> [Exercise objective]
Go through the entries below and pick out every line with "http".

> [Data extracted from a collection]

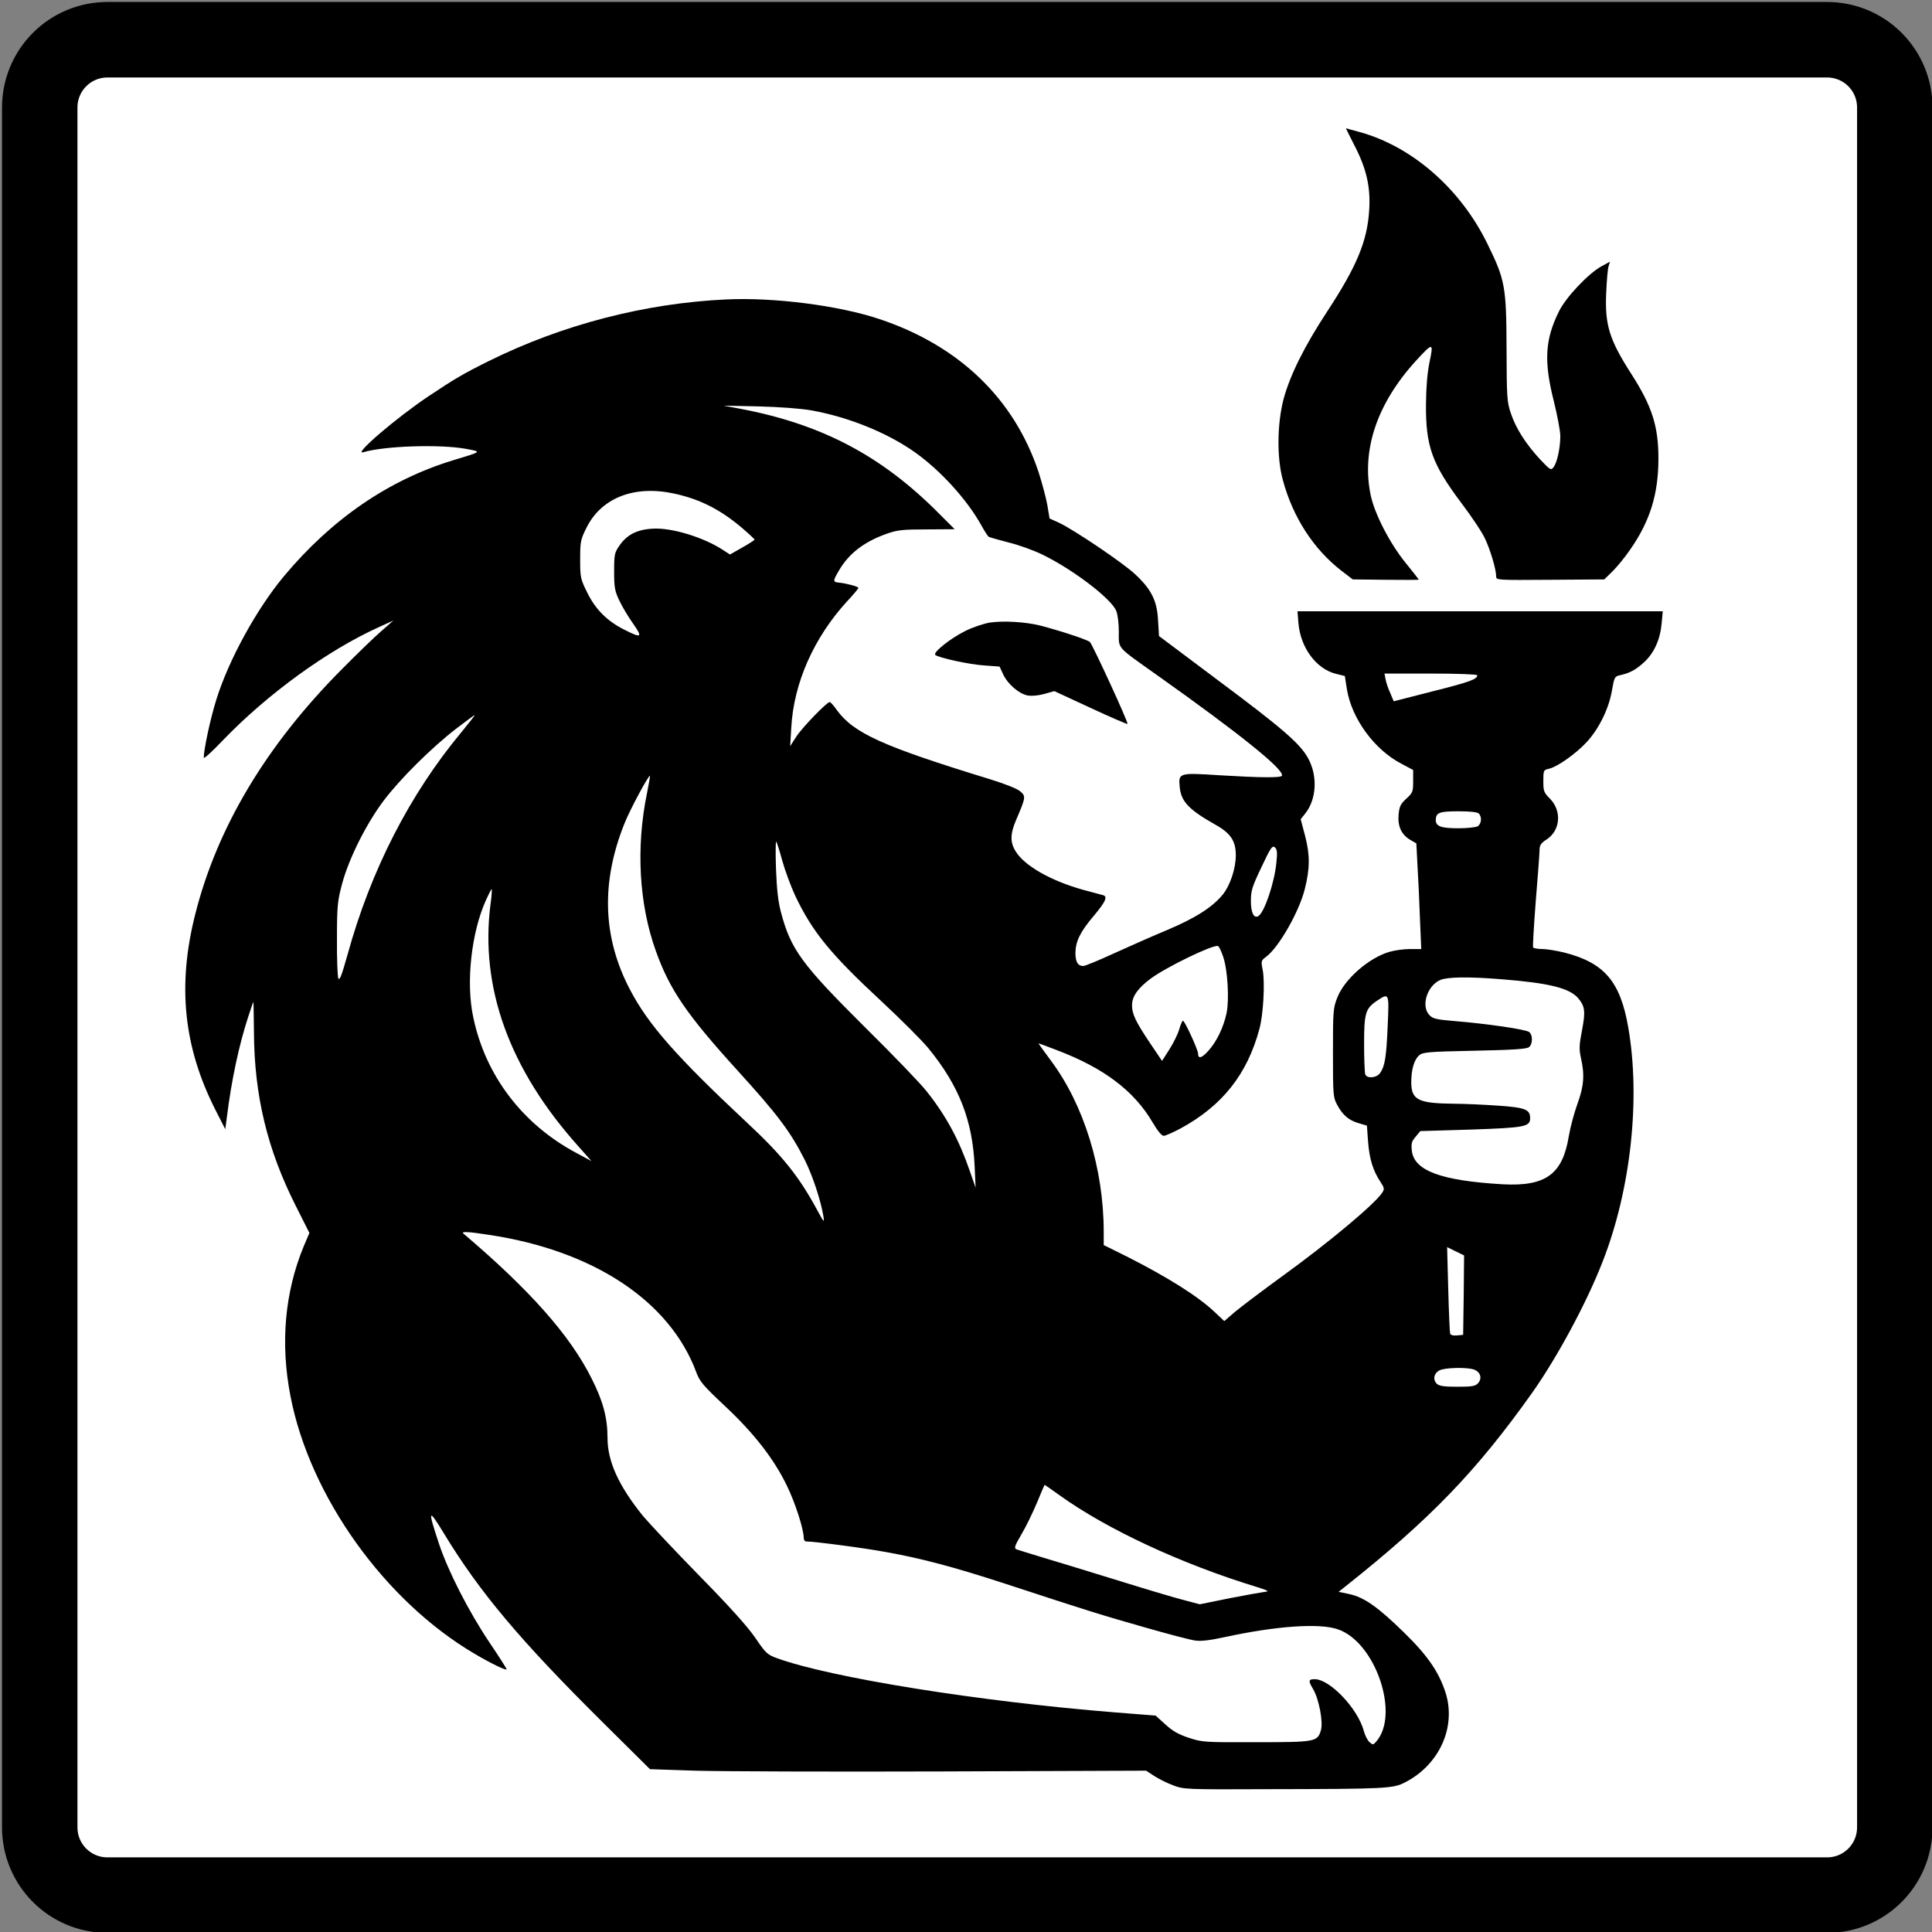 <?xml version="1.0" encoding="UTF-8" standalone="no"?>
<svg
   version="1.0"
   width="1024pt"
   height="1024pt"
   viewBox="0 0 1024 1024"
   preserveAspectRatio="xMidYMid meet"
   id="svg3"
   sodipodi:docname="logo-2.svg"
   inkscape:version="1.4 (86a8ad7, 2024-10-11)"
   xmlns:inkscape="http://www.inkscape.org/namespaces/inkscape"
   xmlns:sodipodi="http://sodipodi.sourceforge.net/DTD/sodipodi-0.dtd"
   xmlns="http://www.w3.org/2000/svg"
   xmlns:svg="http://www.w3.org/2000/svg">
  <rect x="0" y="0" width="1024" height="1024" fill="#808080" stroke="none"/>
  <defs
     id="defs3">
    <inkscape:path-effect
       effect="fillet_chamfer"
       id="path-effect3"
       is_visible="true"
       lpeversion="1"
       nodesatellites_param="F,0,0,1,0,0,0,1 @ F,0,0,1,0,0,0,1 @ F,0,0,1,0,0,0,1 @ F,0,0,1,0,0,0,1 @ F,0,0,1,0,0,0,1 @ F,0,0,1,0,0,0,1 @ F,0,0,1,0,0,0,1 @ F,0,0,1,0,0,0,1"
       radius="0"
       unit="px"
       method="auto"
       mode="F"
       chamfer_steps="1"
       flexible="false"
       use_knot_distance="true"
       apply_no_radius="true"
       apply_with_radius="true"
       only_selected="false"
       hide_knots="false" />
  </defs>
  <sodipodi:namedview
     id="namedview3"
     pagecolor="#ffffff"
     bordercolor="#000000"
     borderopacity="0.25"
     inkscape:showpageshadow="2"
     inkscape:pageopacity="0.0"
     inkscape:pagecheckerboard="0"
     inkscape:deskcolor="#d1d1d1"
     inkscape:document-units="pt"
     inkscape:zoom="0.85473633"
     inkscape:cx="682.66667"
     inkscape:cy="682.66667"
     inkscape:window-width="2560"
     inkscape:window-height="1369"
     inkscape:window-x="-8"
     inkscape:window-y="-8"
     inkscape:window-maximized="1"
     inkscape:current-layer="svg3" />
  <rect
     style="fill:#ffffff;fill-opacity:1;stroke:#000000;stroke-width:0;stroke-dasharray:none;stroke-opacity:1"
     id="rect4"
     width="973.984"
     height="973.107"
     x="24.569"
     y="25.446" />
  <g
     transform="translate(0,1024) scale(0.1,-0.1)"
     fill="#000000"
     stroke="none"
     id="g3">
    <path
       d="M7180 9467 c63 -122 85 -220 77 -341 -10 -164 -66 -298 -222 -536 -121 -184 -198 -339 -232 -466 -34 -132 -36 -309 -4 -427 53 -198 163 -368 312 -483 l59 -45 175 -2 c96 -1 175 -1 175 1 0 1 -32 42 -71 90 -84 104 -163 258 -184 357 -50 239 33 486 240 713 90 98 94 98 72 -6 -12 -58 -18 -132 -19 -222 -2 -226 32 -319 189 -528 53 -70 109 -154 124 -187 29 -62 59 -163 59 -200 0 -20 4 -20 287 -18 l286 2 44 43 c24 24 67 76 94 116 105 151 149 294 149 482 0 171 -34 277 -143 447 -117 182 -141 260 -134 427 3 67 8 132 13 145 l7 24 -44 -24 c-70 -38 -189 -164 -226 -239 -74 -149 -81 -264 -28 -474 19 -77 35 -161 35 -187 0 -62 -17 -142 -36 -165 -13 -18 -17 -16 -71 41 -75 81 -129 165 -155 244 -21 61 -22 86 -23 346 -1 326 -8 362 -100 550 -142 293 -399 518 -678 595 -39 11 -72 20 -73 20 -1 0 20 -42 46 -93z"
       id="path1" />
    <path
       d="M3850 8653 c-432 -20 -870 -134 -1258 -326 -141 -70 -184 -96 -322 -188 -170 -114 -400 -311 -345 -296 115 34 408 43 545 18 85 -16 88 -13 -70 -61 -340 -104 -641 -310 -895 -614 -146 -175 -294 -446 -359 -656 -31 -99 -66 -263 -66 -306 0 -8 46 34 102 93 236 245 554 476 826 599 l77 35 -65 -57 c-36 -31 -131 -123 -211 -204 -399 -402 -658 -836 -774 -1295 -96 -378 -62 -704 106 -1036 l53 -104 8 60 c25 202 65 387 114 537 14 43 26 78 27 78 1 0 2 -73 3 -163 2 -334 71 -620 221 -917 l73 -145 -30 -70 c-101 -245 -125 -516 -70 -797 103 -530 500 -1084 975 -1363 84 -50 165 -89 170 -83 2 2 -39 66 -91 143 -110 164 -219 377 -268 525 -60 181 -56 189 26 54 190 -313 406 -570 845 -1005 l248 -246 240 -8 c132 -4 724 -6 1315 -4 l1075 4 44 -29 c24 -15 69 -38 100 -49 54 -21 70 -22 496 -20 641 1 668 3 734 37 181 94 270 293 213 474 -36 111 -95 197 -221 320 -138 135 -211 186 -289 203 l-57 12 39 31 c448 356 691 608 984 1020 133 187 292 481 377 701 149 381 201 862 135 1240 -42 243 -127 342 -338 396 -41 10 -94 19 -118 19 -24 0 -45 4 -48 8 -3 5 4 116 14 248 11 131 20 253 20 270 0 24 8 36 38 55 73 48 81 152 16 217 -31 31 -34 39 -34 92 0 56 1 59 28 65 45 9 146 81 203 143 65 71 117 178 133 274 12 68 14 73 42 79 53 12 83 28 128 69 53 49 85 119 93 205 l6 65 -968 0 -968 0 5 -63 c11 -129 93 -241 197 -268 l49 -12 11 -71 c26 -156 146 -320 289 -394 l62 -33 0 -59 c0 -56 -2 -62 -36 -93 -31 -28 -37 -42 -41 -83 -6 -62 14 -107 61 -135 l33 -19 6 -118 c4 -64 10 -190 13 -279 l7 -163 -60 0 c-32 0 -82 -7 -109 -15 -109 -32 -236 -143 -275 -240 -23 -57 -24 -71 -24 -295 0 -222 1 -237 22 -275 29 -55 62 -83 114 -98 l44 -13 6 -84 c7 -92 26 -154 65 -213 22 -34 23 -39 9 -60 -40 -60 -286 -266 -530 -442 -104 -76 -216 -160 -248 -187 l-58 -50 -52 49 c-87 82 -245 182 -464 293 l-123 61 0 69 c0 336 -105 675 -281 910 -37 50 -66 90 -64 90 2 0 45 -16 97 -36 250 -95 410 -216 509 -386 25 -42 46 -68 57 -68 9 0 50 18 91 40 220 120 352 287 416 526 21 75 30 244 18 311 -10 50 -9 52 18 72 66 49 173 235 204 356 28 110 29 181 3 282 l-24 91 23 29 c61 75 68 199 17 293 -42 78 -137 160 -479 415 l-312 234 -5 83 c-5 104 -36 165 -121 244 -66 62 -325 236 -403 273 l-51 23 -12 72 c-7 39 -28 117 -46 173 -129 389 -421 671 -844 812 -215 72 -559 116 -811 104z m450 -588 c196 -35 402 -118 549 -222 135 -96 274 -248 351 -385 17 -32 36 -60 40 -63 5 -3 52 -16 105 -30 54 -13 134 -42 179 -64 161 -78 365 -233 392 -298 8 -18 14 -67 14 -111 0 -94 -16 -75 205 -232 440 -312 677 -503 659 -532 -7 -11 -117 -10 -331 3 -215 14 -218 13 -210 -64 7 -75 49 -119 187 -197 83 -46 110 -87 110 -163 0 -69 -29 -158 -68 -207 -54 -67 -144 -125 -293 -188 -79 -33 -208 -90 -287 -126 -78 -36 -151 -66 -160 -66 -29 0 -42 21 -42 70 1 61 25 111 99 198 61 73 72 99 49 107 -7 2 -56 15 -108 29 -171 48 -310 127 -357 204 -30 48 -29 93 3 167 51 119 52 125 21 151 -16 14 -82 40 -160 64 -571 175 -722 244 -812 367 -16 23 -33 42 -37 42 -14 2 -147 -136 -178 -184 l-32 -50 6 100 c13 235 120 476 295 667 34 36 61 69 61 72 0 7 -68 25 -104 28 -32 3 -32 9 0 63 53 92 135 154 254 196 56 20 86 23 212 23 l148 1 -78 78 c-307 311 -627 480 -1067 562 l-80 15 185 -4 c113 -3 222 -11 280 -21z m-732 -440 c139 -29 250 -85 367 -185 35 -30 64 -57 64 -60 0 -3 -29 -22 -65 -42 l-65 -37 -37 24 c-102 67 -272 119 -371 113 -83 -4 -136 -31 -176 -87 -28 -40 -30 -48 -30 -139 0 -85 3 -104 28 -156 15 -32 48 -87 73 -122 51 -73 45 -78 -44 -33 -93 46 -155 108 -199 197 -36 73 -38 80 -38 177 0 93 2 105 33 167 78 158 251 227 460 183z m4262 -964 c0 -21 -41 -36 -236 -85 l-207 -53 -18 43 c-11 23 -22 56 -25 73 l-6 31 246 0 c135 0 246 -4 246 -9z m-5383 -300 c-275 -330 -482 -734 -605 -1181 -31 -110 -42 -140 -49 -125 -4 11 -8 106 -7 210 0 174 3 199 27 290 36 135 129 320 221 442 87 115 252 279 384 381 52 40 96 72 98 72 3 0 -29 -40 -69 -89z m982 -326 c-59 -287 -42 -588 47 -835 73 -205 164 -338 435 -636 212 -233 279 -323 354 -471 42 -84 85 -214 99 -298 6 -38 4 -36 -32 30 -97 180 -186 291 -373 465 -373 349 -522 518 -619 703 -146 277 -156 569 -30 883 29 73 129 259 135 252 1 -2 -6 -43 -16 -93z m4409 -107 c18 -18 14 -56 -7 -68 -11 -5 -56 -10 -101 -10 -91 0 -120 10 -120 43 0 40 18 47 120 47 61 0 100 -4 108 -12z m-3692 -249 c14 -51 45 -135 69 -187 91 -191 186 -308 458 -560 102 -95 213 -206 247 -247 164 -201 235 -383 246 -630 l5 -110 -30 86 c-57 166 -125 293 -229 424 -30 39 -177 192 -327 340 -336 334 -394 413 -446 611 -15 56 -22 123 -26 229 -3 83 -2 147 1 144 4 -4 18 -48 32 -100z m2619 -12 c-10 -105 -63 -262 -95 -282 -24 -15 -40 17 -40 80 0 55 7 76 56 179 48 102 57 116 71 105 12 -11 14 -26 8 -82z m-4165 -218 c-57 -442 99 -875 464 -1283 l71 -80 -80 43 c-287 153 -483 412 -547 721 -39 184 -10 447 68 620 15 33 28 59 30 57 2 -2 0 -37 -6 -78z m3883 -280 c24 -69 33 -227 18 -299 -16 -75 -52 -150 -96 -199 -36 -40 -55 -45 -55 -15 0 20 -71 174 -80 174 -4 0 -13 -21 -20 -46 -7 -25 -31 -73 -52 -106 l-39 -61 -66 98 c-75 112 -93 151 -93 197 0 47 31 91 100 142 83 61 326 179 355 172 6 -1 18 -27 28 -57z m1473 -119 c255 -20 363 -47 409 -101 36 -44 39 -69 20 -170 -15 -77 -16 -99 -6 -145 21 -91 16 -151 -18 -244 -17 -47 -38 -124 -46 -172 -33 -202 -122 -267 -350 -255 -327 19 -470 72 -482 178 -4 38 -1 50 20 74 l25 30 268 8 c288 10 314 15 314 61 0 46 -27 56 -171 66 -74 5 -179 10 -234 10 -188 2 -225 20 -225 114 0 67 15 118 41 142 19 17 45 20 295 25 201 4 277 9 288 19 20 16 21 64 1 80 -16 14 -224 44 -393 58 -96 8 -117 12 -135 31 -47 47 -14 156 57 187 38 16 148 18 322 4z m-601 -247 c-7 -167 -15 -214 -40 -250 -19 -27 -70 -31 -79 -7 -3 9 -6 81 -6 160 0 164 7 188 67 229 66 44 66 44 58 -132z m-4763 -1108 c554 -83 958 -351 1098 -727 18 -50 37 -72 151 -179 155 -145 260 -280 329 -422 45 -92 90 -232 90 -279 0 -10 6 -18 13 -18 42 0 304 -34 422 -56 186 -33 360 -79 633 -168 439 -144 510 -166 735 -230 125 -36 247 -68 271 -71 30 -5 80 1 162 19 269 58 495 74 593 41 201 -66 333 -454 204 -597 -15 -17 -17 -17 -35 -1 -10 9 -23 35 -29 57 -31 119 -180 276 -261 276 -33 0 -35 -8 -8 -53 31 -53 54 -174 41 -218 -18 -61 -29 -63 -344 -63 -272 -1 -285 0 -355 23 -55 18 -87 36 -125 71 l-52 47 -215 17 c-723 58 -1506 184 -1791 287 -52 19 -60 26 -115 107 -40 59 -136 166 -299 332 -132 135 -265 277 -297 315 -129 160 -188 289 -188 414 0 107 -24 196 -85 316 -114 228 -328 469 -679 767 -14 12 27 10 136 -7z m5166 -320 l-3 -210 -33 -3 c-20 -2 -34 2 -36 10 -2 7 -7 113 -10 235 l-6 223 45 -22 45 -22 -2 -211z m55 -394 c34 -13 44 -47 21 -72 -14 -16 -31 -19 -110 -19 -72 0 -96 4 -109 16 -22 23 -15 56 15 71 29 15 148 17 183 4z m-2196 -667 c251 -180 644 -363 1043 -485 61 -19 69 -24 45 -26 -16 -2 -101 -17 -188 -34 l-158 -32 -87 23 c-48 12 -211 61 -362 108 -151 47 -327 100 -390 119 -63 19 -123 38 -132 41 -14 6 -11 17 26 80 24 40 60 115 82 167 21 52 40 95 41 95 1 0 37 -25 80 -56z"
       id="path2" />
    <path
       d="M5245 6940 c-33 -6 -91 -25 -130 -45 -77 -38 -171 -113 -158 -126 16 -15 180 -51 260 -56 l81 -6 18 -39 c23 -52 84 -105 130 -114 22 -4 57 -1 89 8 l53 15 192 -89 c105 -49 194 -87 196 -85 6 6 -184 418 -199 434 -12 12 -158 60 -262 87 -80 20 -196 27 -270 16z"
       id="path3" />
  </g>
  <path
     style="fill:none;stroke:#000000;stroke-width:41.606;stroke-dasharray:none;stroke-opacity:1;stroke-linejoin:round"
     id="rect3"
     width="1023.122"
     height="1022.245"
     x="0.877"
     y="1.755"
     inkscape:path-effect="#path-effect3"
     sodipodi:type="rect"
     d="M 38.277,1.755 H 986.599 c 20.72,0 37.4,16.68 37.4,37.4 V 986.6 c 0,20.72 -16.68,37.4 -37.4,37.4 H 38.277 C 17.558,1024 0.877,1007.32 0.877,986.6 V 39.155 c 0,-20.72 16.68,-37.4 37.4,-37.4 z"
     rx="37.4"
     transform="matrix(0.961,0,0,0.962,20.217,19.369)" />
</svg>

> [Response to this exercise]
   xmlns:inkscape="http://www.inkscape.org/namespaces/inkscape"
   xmlns:sodipodi="http://sodipodi.sourceforge.net/DTD/sodipodi-0.dtd"
   xmlns="http://www.w3.org/2000/svg"
   xmlns:svg="http://www.w3.org/2000/svg">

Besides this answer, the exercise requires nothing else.